27 May 2022

  Invesco

Invesco: Asian equity markets are trading at their biggest discount in over a decade

View Factsheets: Invesco Asian Fund (UK)

While Asian equity markets are trading at their biggest discount to world markets in over a decade, there are big valuation discrepancies between and within markets and sectors. As active investors with a contrarian approach, this gives us scope to lean into areas of excessive pessimism, while avoiding frothy areas of the market.

Asian equity markets struggled for much of 2021, with exports growth slowing after a strong initial recovery from the pandemic and China-related concerns denting investor sentiment. The slow rollout of vaccination programmes in some countries has been a drag on the domestic economic recoveries, particularly as new Covid variants emerged.

Yet, conditions have started to normalise, and looking forward we find reasons to be optimistic, particularly given the wide discount that Asia currently trades at relative to world markets.

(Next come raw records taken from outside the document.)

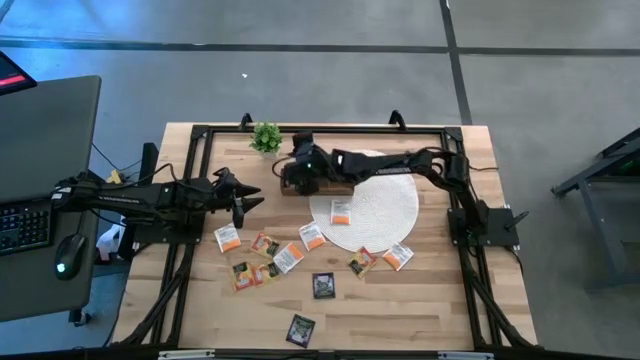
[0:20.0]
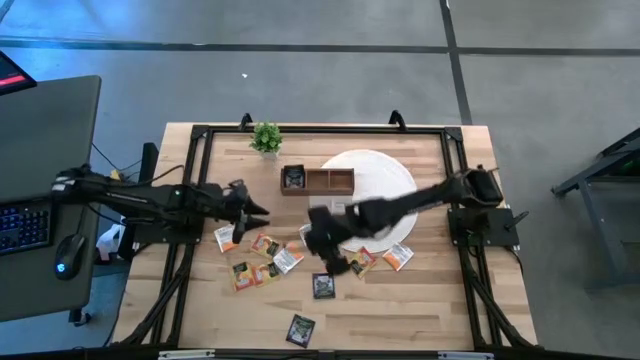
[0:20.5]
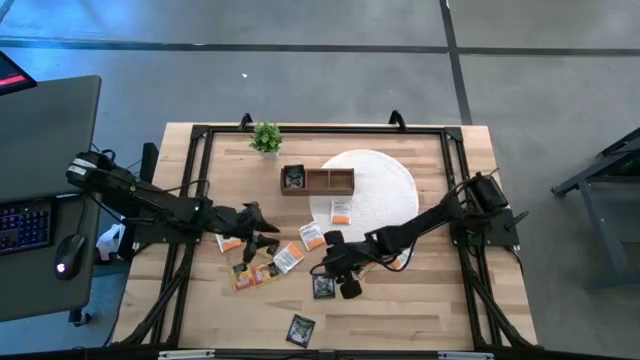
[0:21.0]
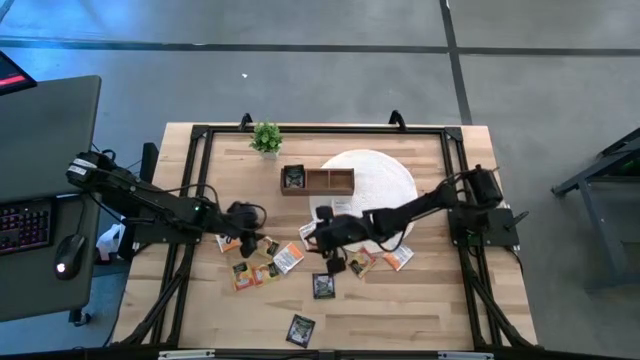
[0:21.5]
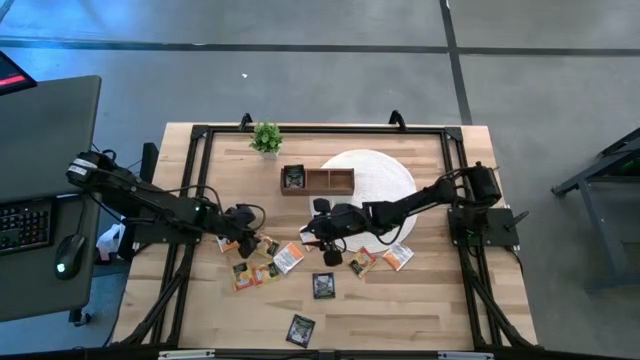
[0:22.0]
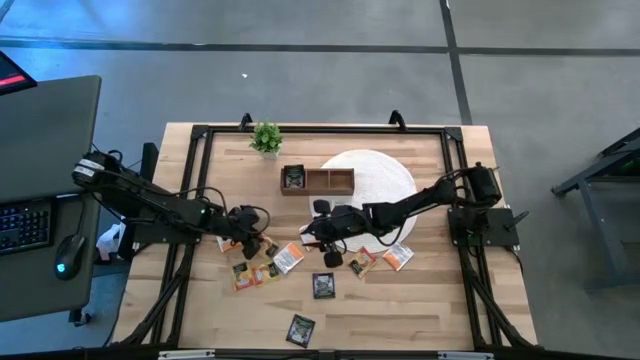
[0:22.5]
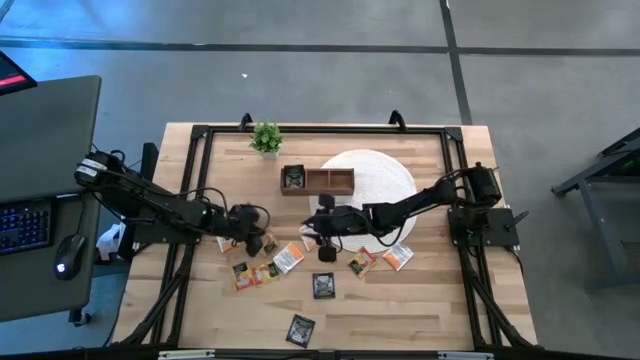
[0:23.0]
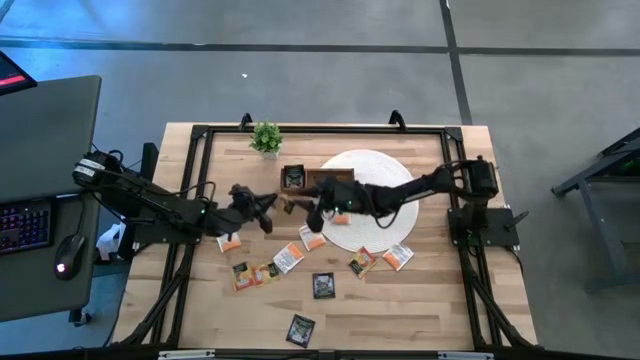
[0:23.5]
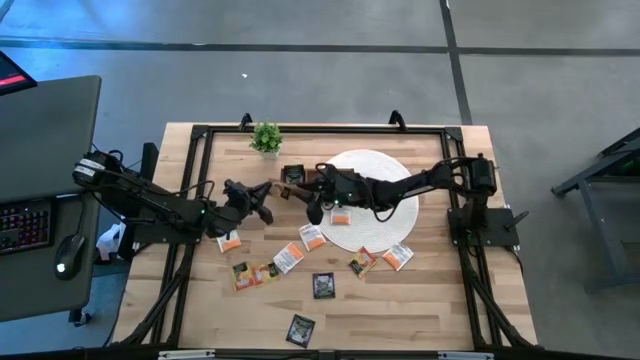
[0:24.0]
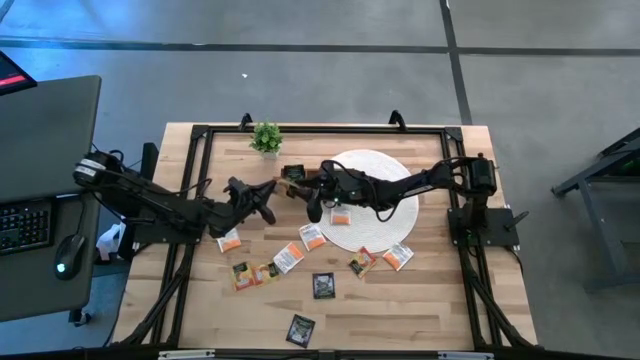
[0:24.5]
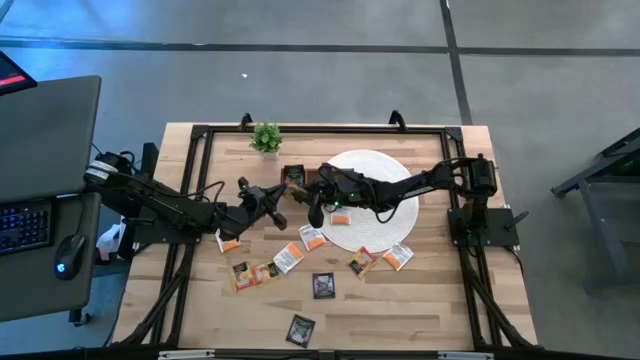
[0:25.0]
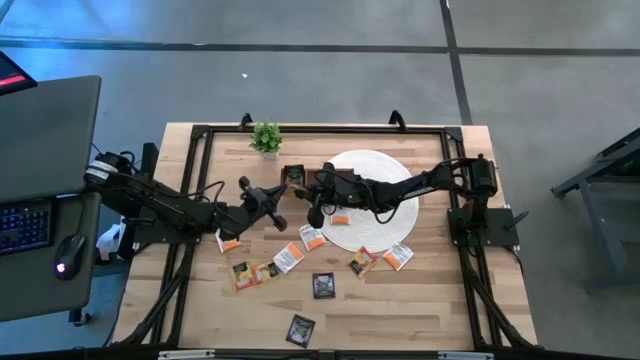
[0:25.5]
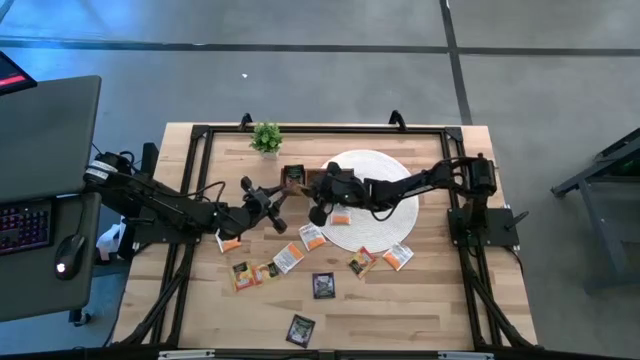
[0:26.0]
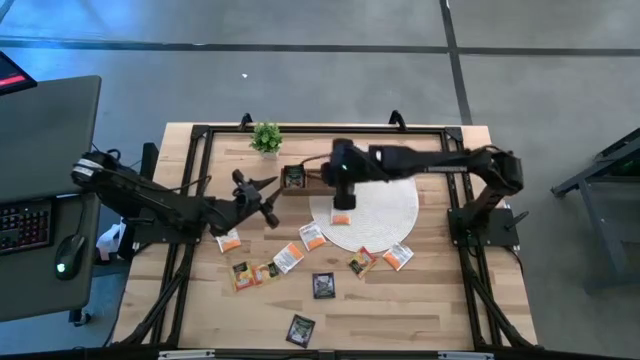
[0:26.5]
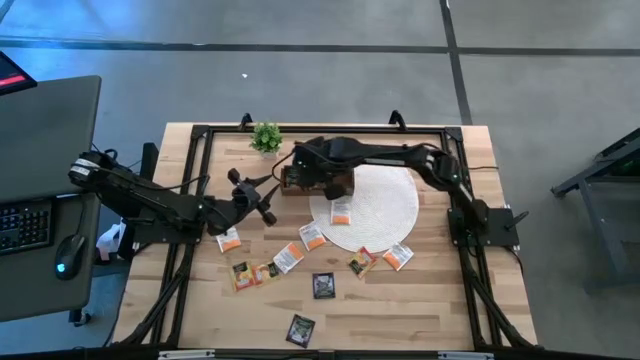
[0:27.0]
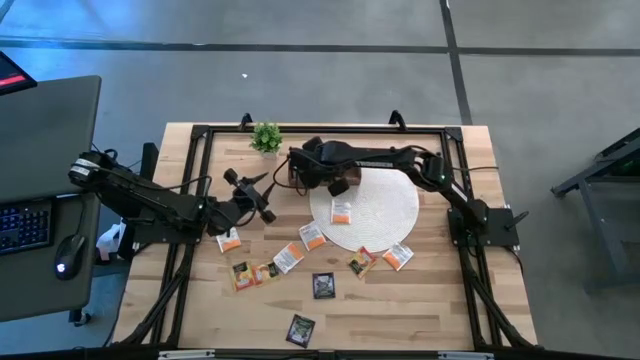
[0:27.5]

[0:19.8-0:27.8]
Put the orange tea bag into the middle section of the wooden organizer

Figure 1. MSCI Asia Pacific ex Japan index vs. MSCI World in terms of price/book

Source: Refinitiv, February 2022.

Valuation discrepancies between and within markets and sectors also remain wide (as can be seen in the chart below), with scope to lean into areas of excessive pessimism, while avoiding frothy areas of the market.

We are wary of investment narratives which rely on a cyclical recovery being extrapolated too far forward, as we saw with some of 2020’s Covid-beneficiaries and China.

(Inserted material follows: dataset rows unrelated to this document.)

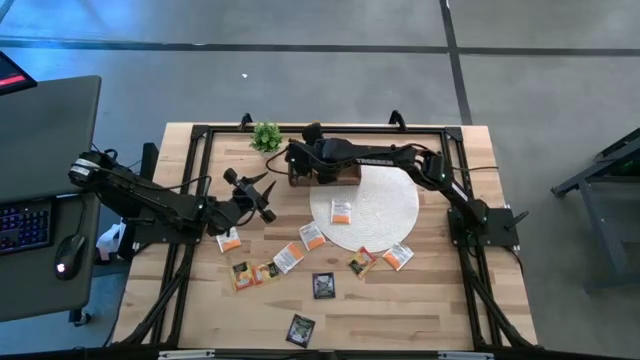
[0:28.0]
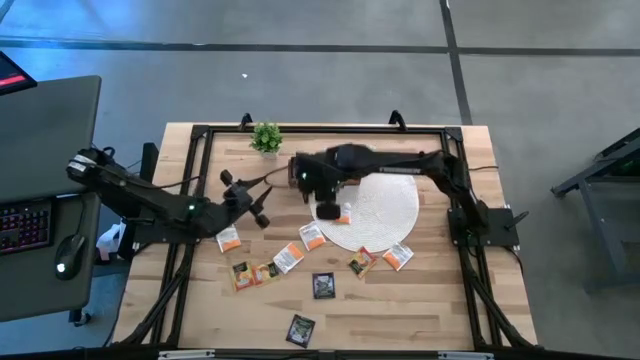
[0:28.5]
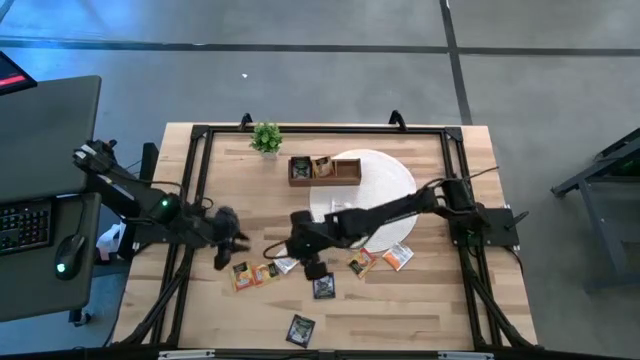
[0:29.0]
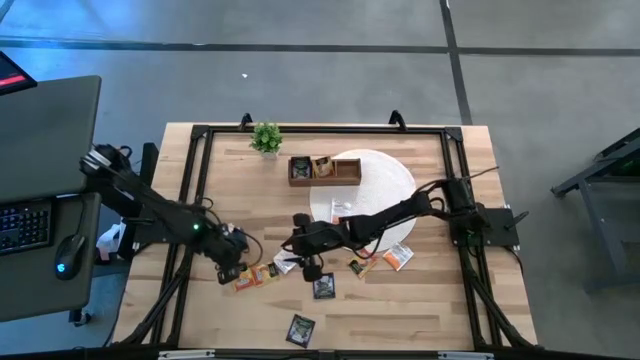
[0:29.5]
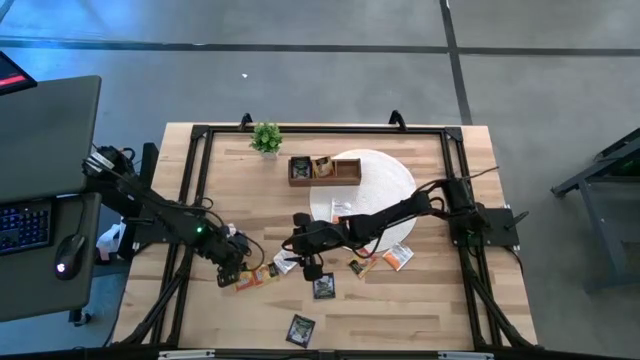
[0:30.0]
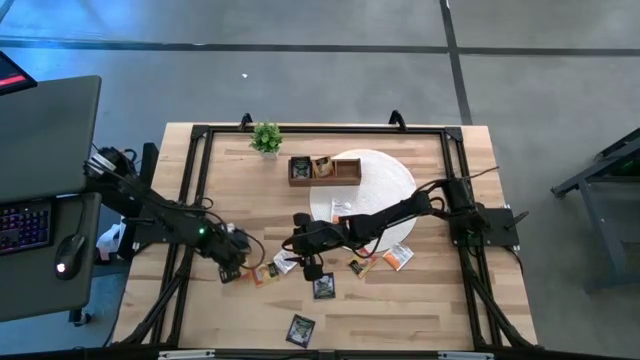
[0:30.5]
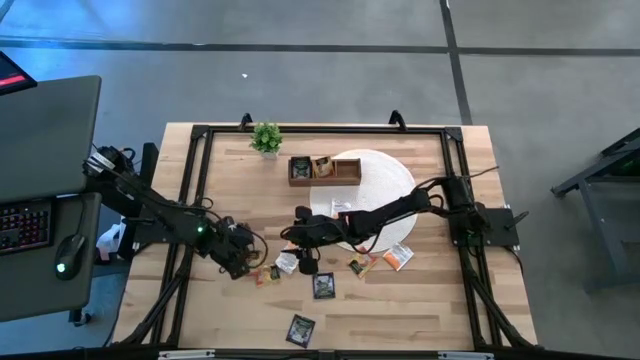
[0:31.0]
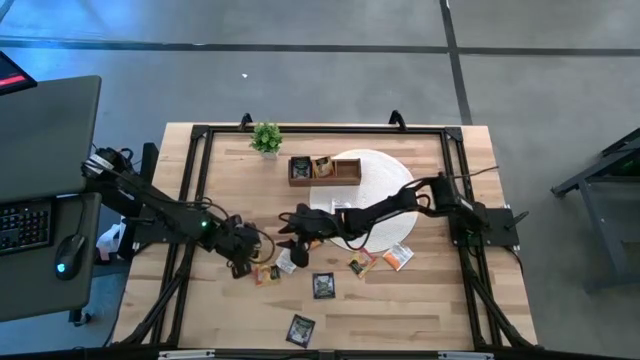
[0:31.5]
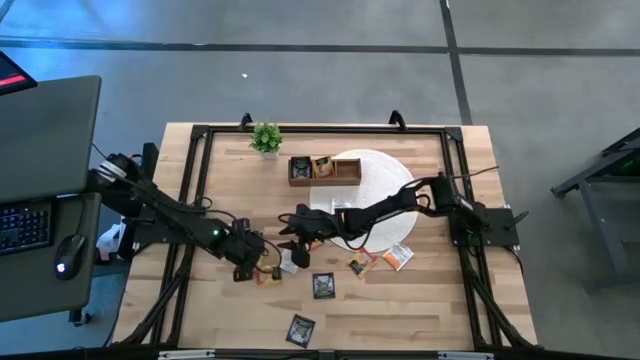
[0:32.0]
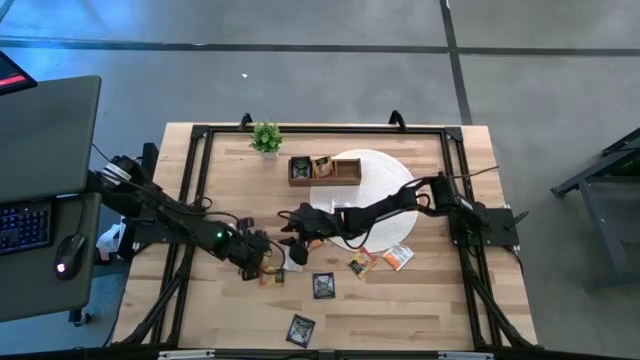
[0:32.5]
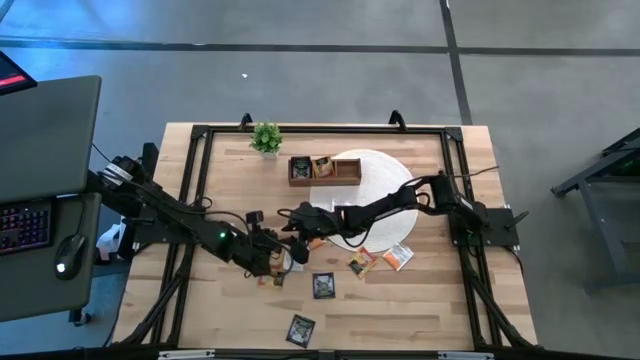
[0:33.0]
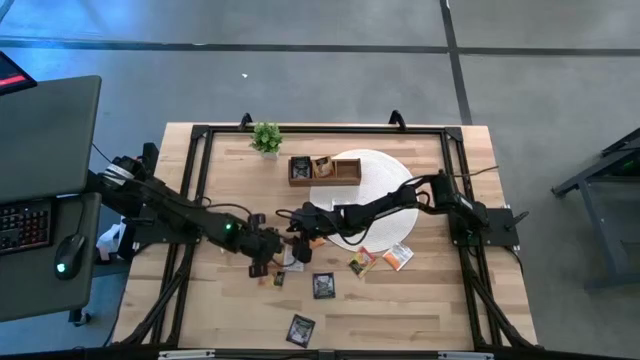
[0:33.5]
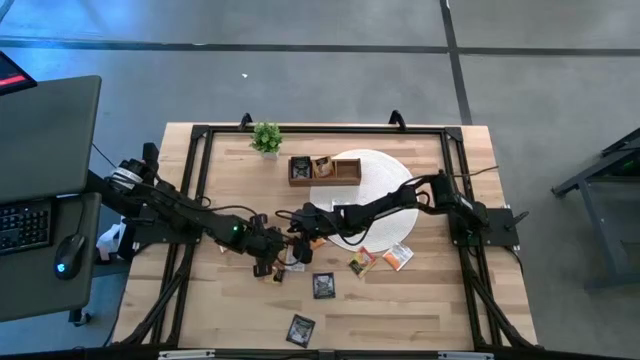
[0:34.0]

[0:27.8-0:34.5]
Put the orange tea bag into the middle section of the wooden organizer

Exuberance towards China has given way to disappointment and pessimism, and a much more favourable risk premium is now being offered to investors as we enter 2022. Meanwhile, South-East Asian markets have been relatively weak, which we feel underappreciates their re-opening potential.  

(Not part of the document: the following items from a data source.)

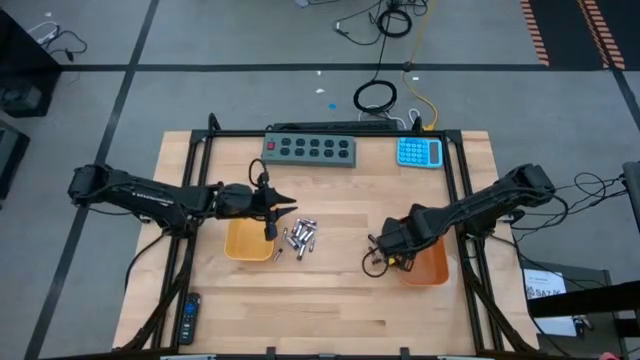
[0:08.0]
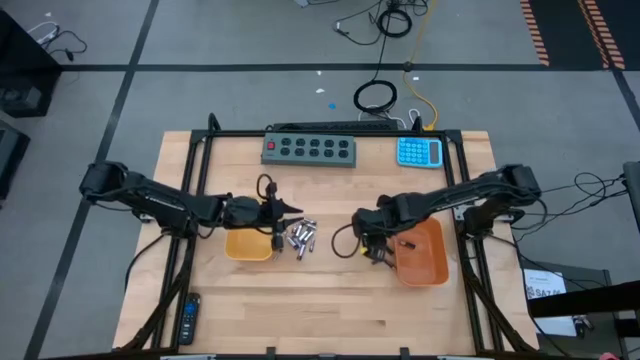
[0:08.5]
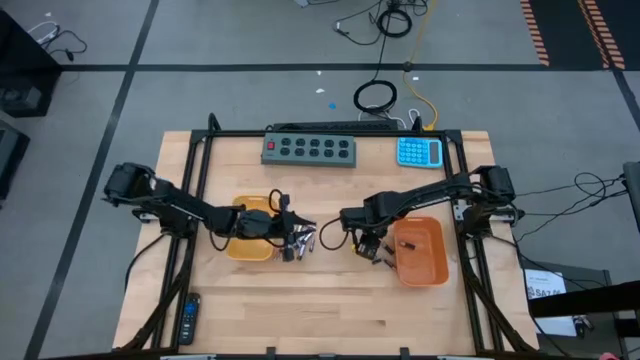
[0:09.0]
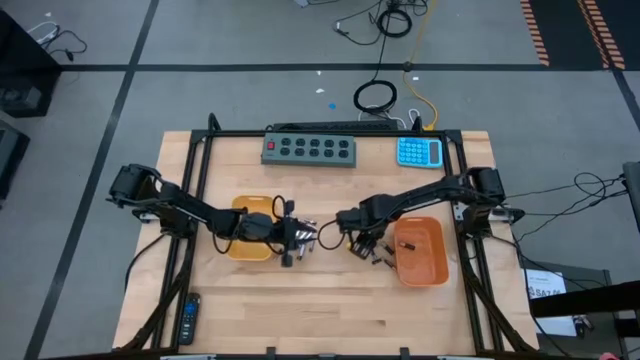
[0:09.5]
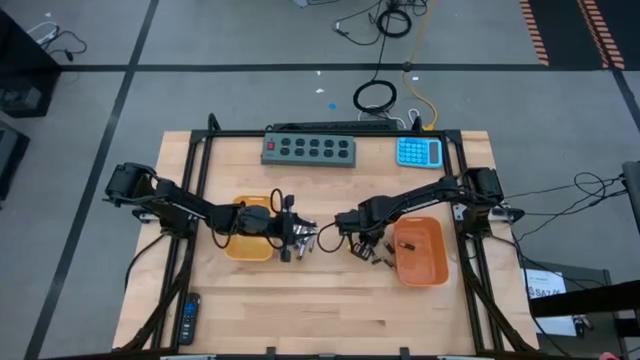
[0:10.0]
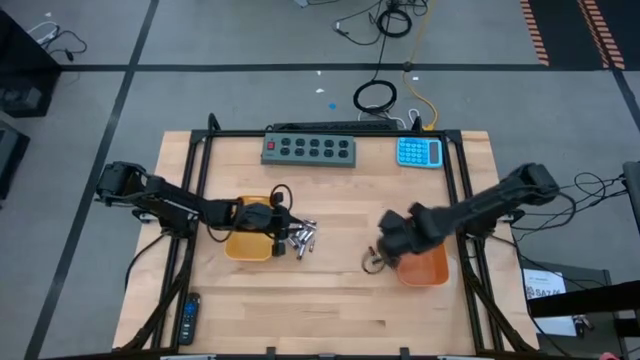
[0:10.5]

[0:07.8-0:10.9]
Task: Sort batteries
Put the black battery into the orange bin

Figure 2. Asia valuations by country

Source: Refinitiv, MSCI data to 31 March 2022. Ranked by highest to lowest valuation gap vs 10y average.

With earnings having rebounded strongly in the initial phase of the pandemic recovery, it is reasonable to expect a more gradual uptrend from here. Supply chain disruption remains a feature of the post-Covid backdrop, with unmet demand likely to spill well into 2022. The services sector also has plenty of scope to recover as activity levels normalise.

On the other hand, inflationary pressures are likely to depress the operating margins of price takers and represent a headwind for downstream businesses. As markets digest these complexities and potential policy changes, there is plenty of opportunity for active stock pickers to capitalise on misunderstood, idiosyncratic opportunities.  

 

 

By William Lam, Co-Head & Fund manager

10 May 2022


Investment risks

The value of investments and any income will fluctuate (this may partly be the result of exchange rate fluctuations) and investors may not get back the full amount invested.

As a large portion of the strategy is invested in less developed countries, you should be prepared to accept significantly large fluctuations in value.

The strategy may use derivatives (complex instruments) in an attempt to reduce the overall risk of its investments, reduce the costs of investing and/or generate additional capital or income, although this may not be achieved. The use of such complex instruments may result in greater fluctuations of the value of a portfolio. The Manager, however, will ensure that the use of derivatives does not materially alter the overall risk profile of the strategy.